0

I have a text file with 20 million names, each name in a line. Now I want to for example find the name "peter" in that list.

  1. My first approach was with PyMongo and creating an index, which worked well. However, I wanted the fastest possible search.

  2. Since the list is static and never changes, I thought it is possible to load the list in a variable and iterate it. However compared to MongoDB it is very slow. Around one search = 1s.

     def initList(self):
       global list
       data = []
       with open('list.txt','r') as f:
         for x in f:
             x = x.strip()
             data.append(x)
    
       list = [i for i, _ in enumerate(data)]
       print("All names loaded.")
    

Then the code for the search:

  global list

  if name in list or surname in list:
    print(x)

Now my question is, am I missing something, or why is the list approach so slow? What would be the ultimate fastest solution?

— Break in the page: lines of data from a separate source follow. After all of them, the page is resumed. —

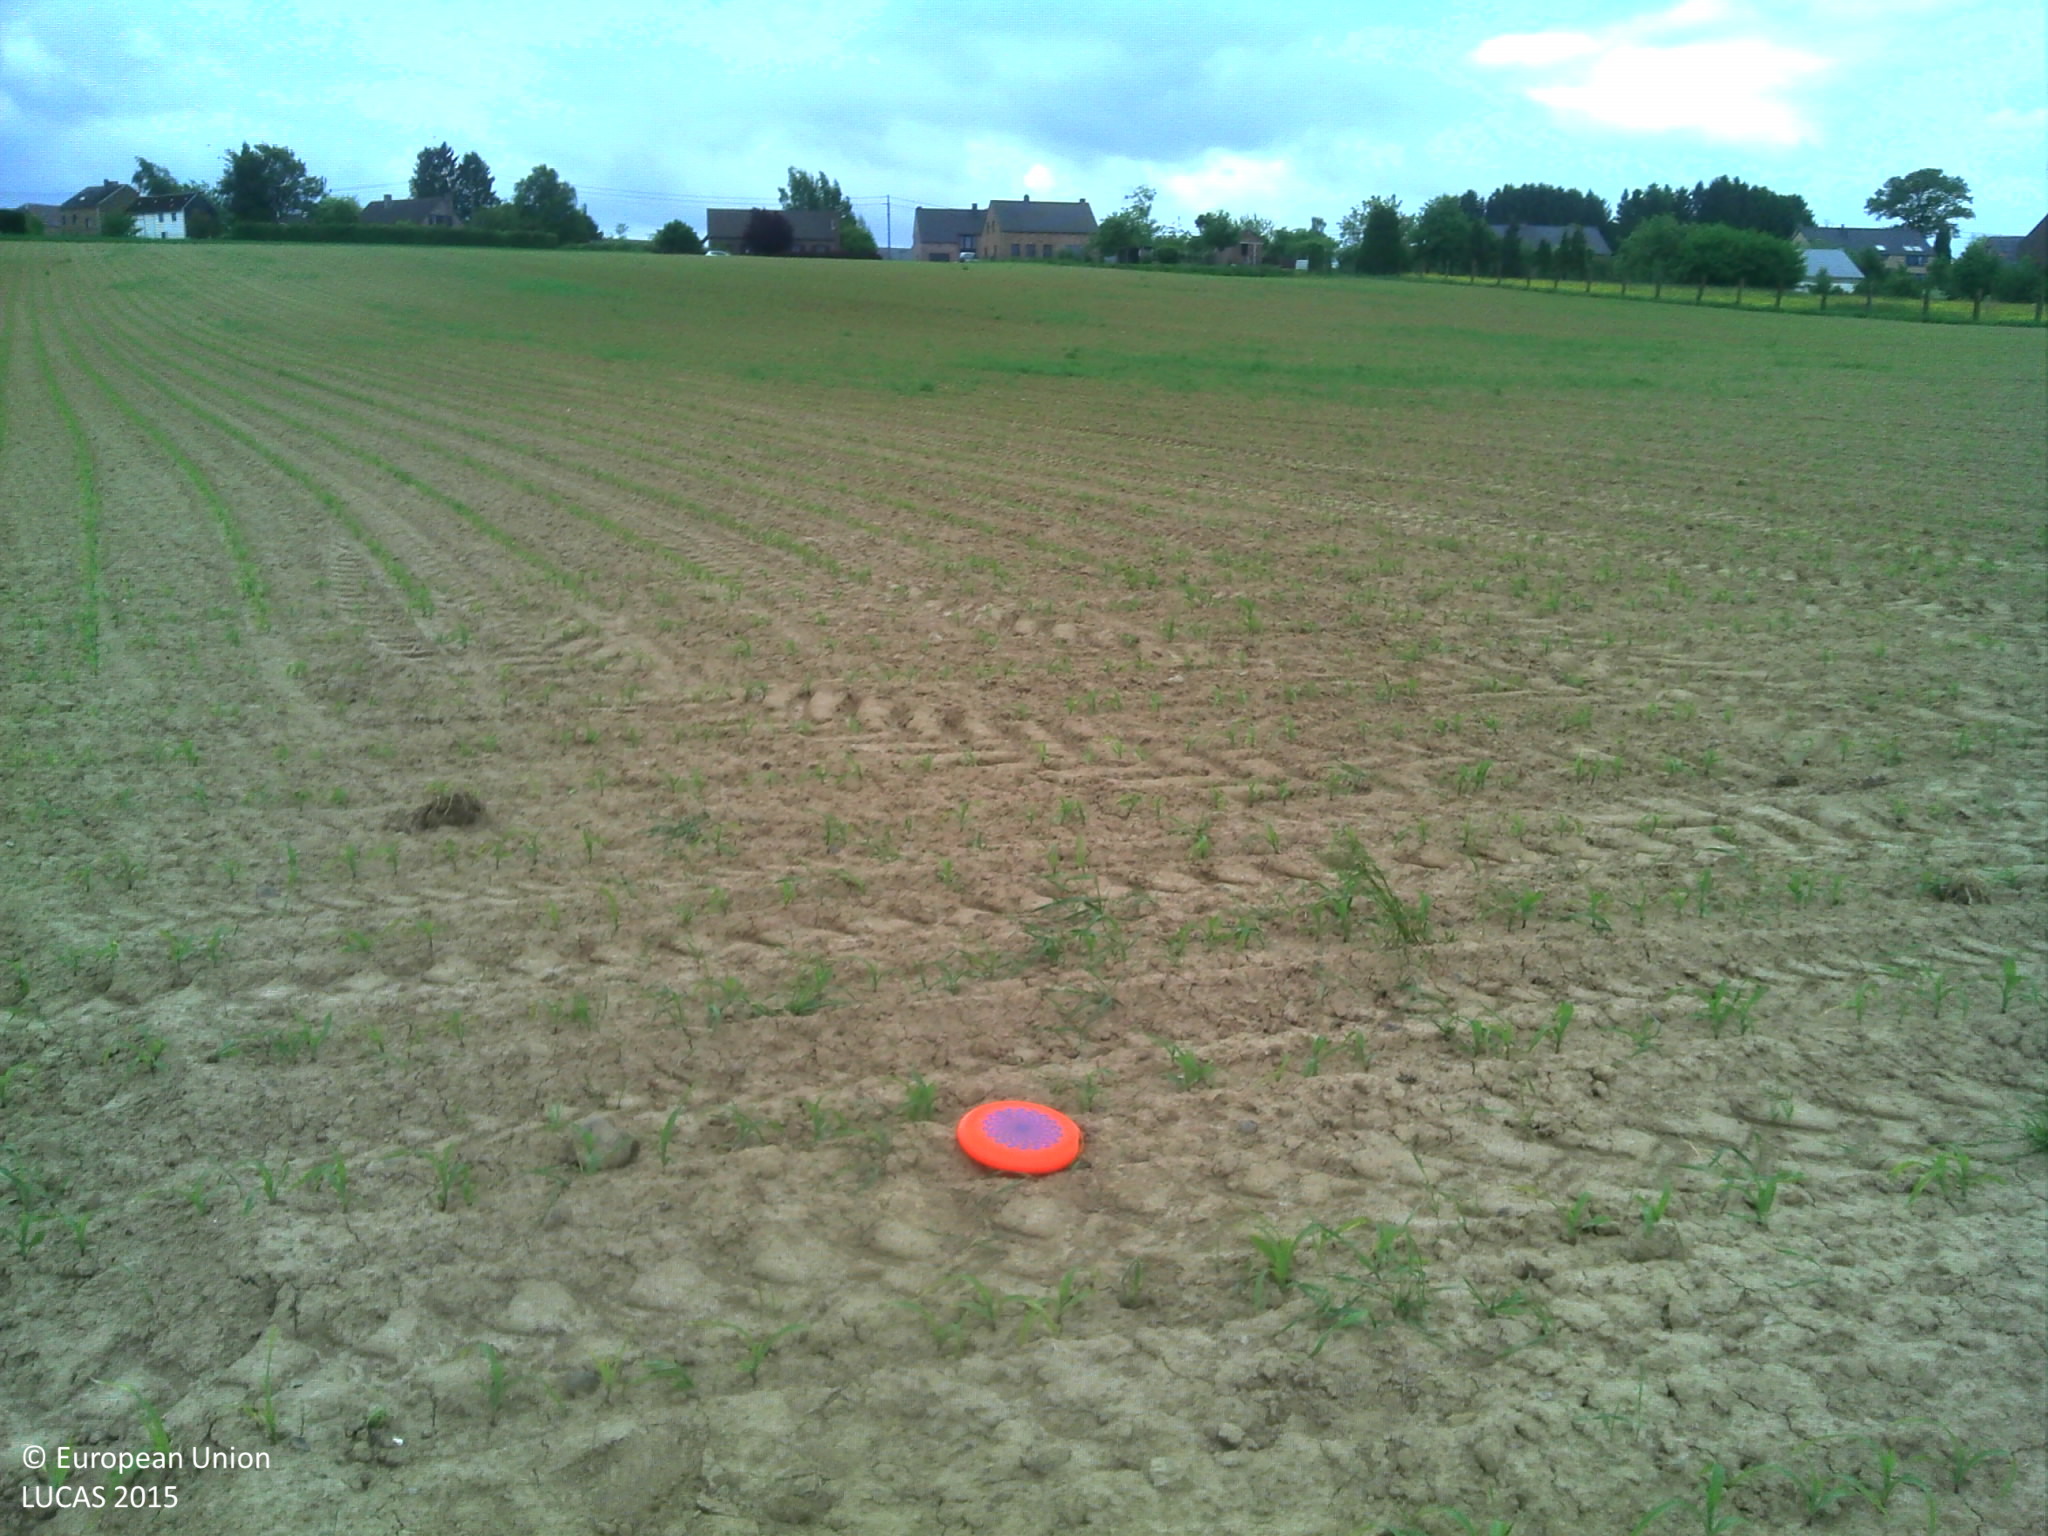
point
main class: Cropland
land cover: Maize
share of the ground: < 10 %
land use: Agriculture (excluding fallow land and kitchen gardens)
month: May
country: BE
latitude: 50.3548
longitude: 5.2330
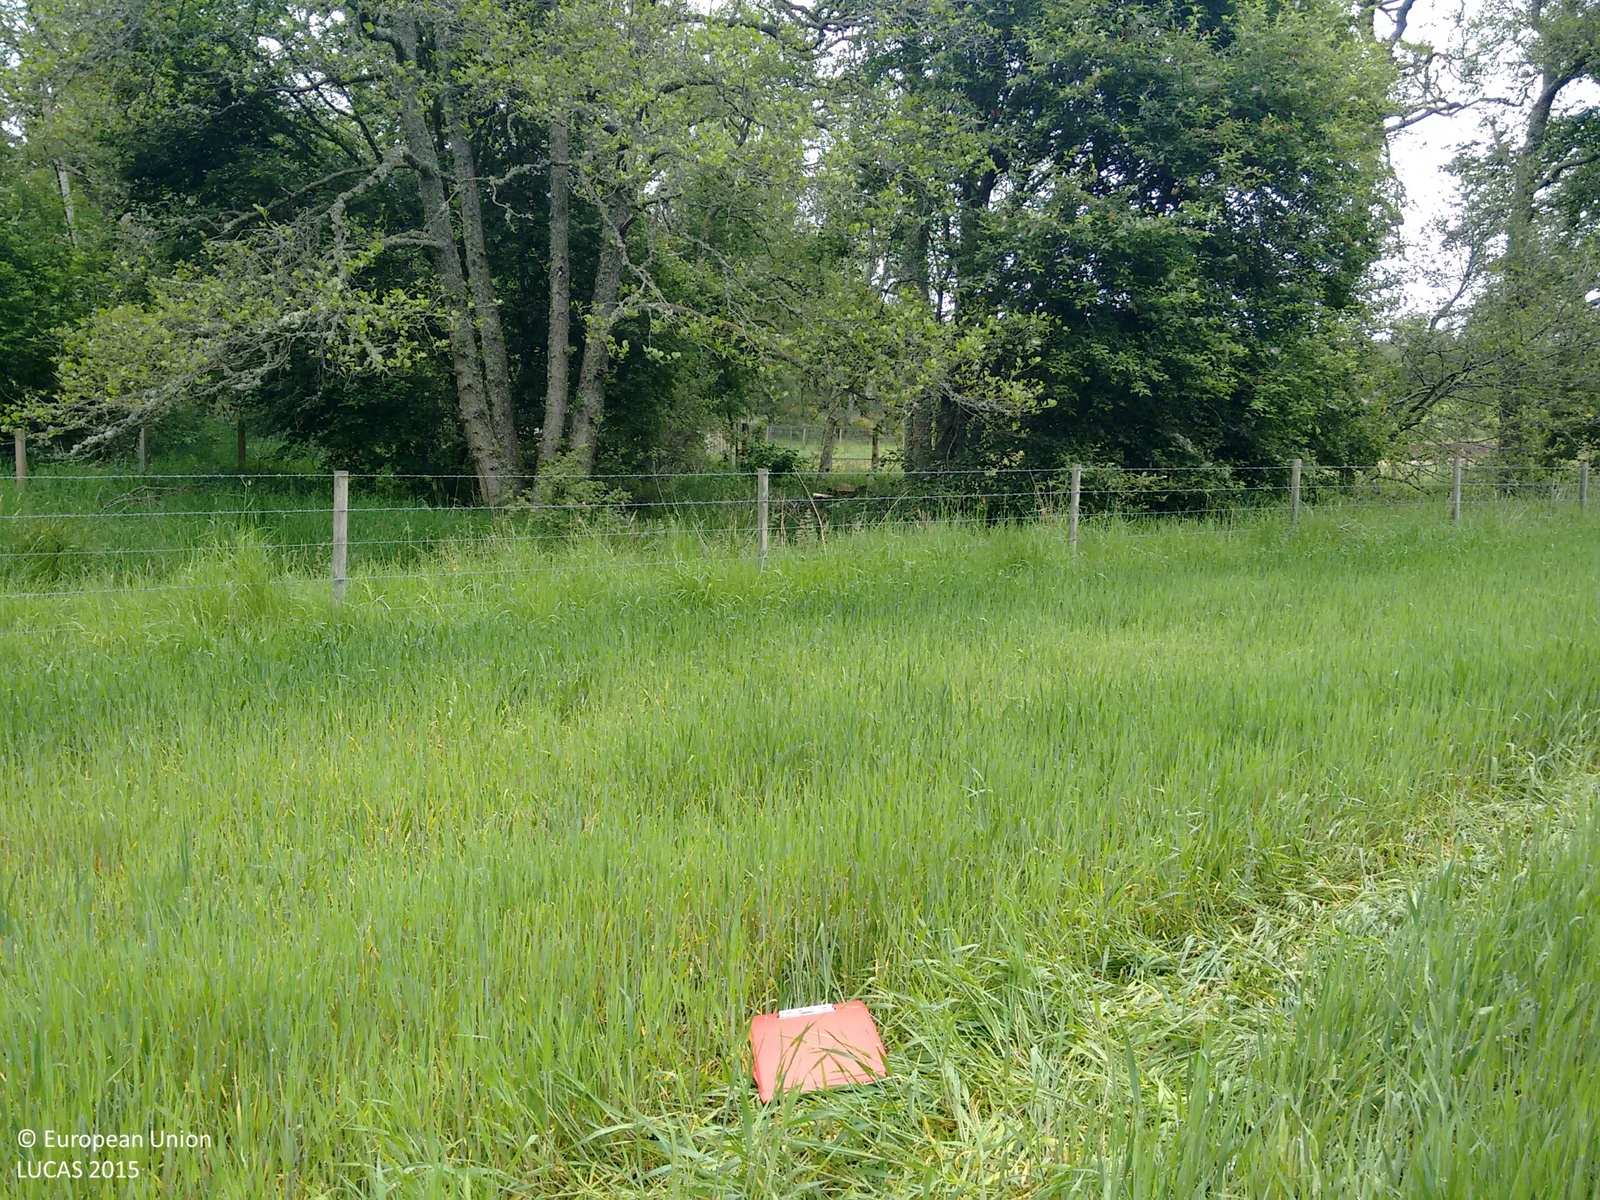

My next step will be multiprocessing.

Mark Rotteveel
  • 100,966
  • 191
  • 140
  • 197
  • 1
    An indexed binary search over 20M items usually takes about 25 steps, an unindexed search 10M steps on average. – Klaus D. Mar 07 '21 at 13:29
  • list membership testing is a linear search because a list can contain anything in any order, so finding the last element of the list, for example, will take forever in a long list, you need to either order the list first and then use a binary search or change it to a dict or set that by the way they are implemented offer a very fast membership testing – Copperfield Mar 07 '21 at 14:21
  • Which part of your code have your timed ? I suppose it is the part "if name in list or surname in list:" which is slow? Usually the "in list" part of the code is slow, especially with the big lists. – Malo Mar 07 '21 at 14:39
  • Where is the MongoDB data and the query? – prasad_ Mar 08 '21 at 04:57

2 Answers2

0

Your approach requires checking names one by one. This gives O(n) number of comparisons. Databases use indices so they have all names alphabetically ordered. This gives the ability to make the search much faster - O(log(n)) because they divide the list into two pieces and after comparing provided name with the middle element instantly know what half of the elements definitely do not contain it. Then they repeat this with the remaining half. This reduces the number of comparisons dramatically. Python offers dict data structure. It uses a different approach, but also very effective. You can find some details here on StackOverflow

Multiprocessing will not give a big advantage compared with database search that uses the index.

user3431635
  • 372
  • 1
  • 7
0

Isn't this line of code for indexing? list = [i for i, _ in enumerate(data)]

I thought that a solution without database should be faster, because the variable is in the ram?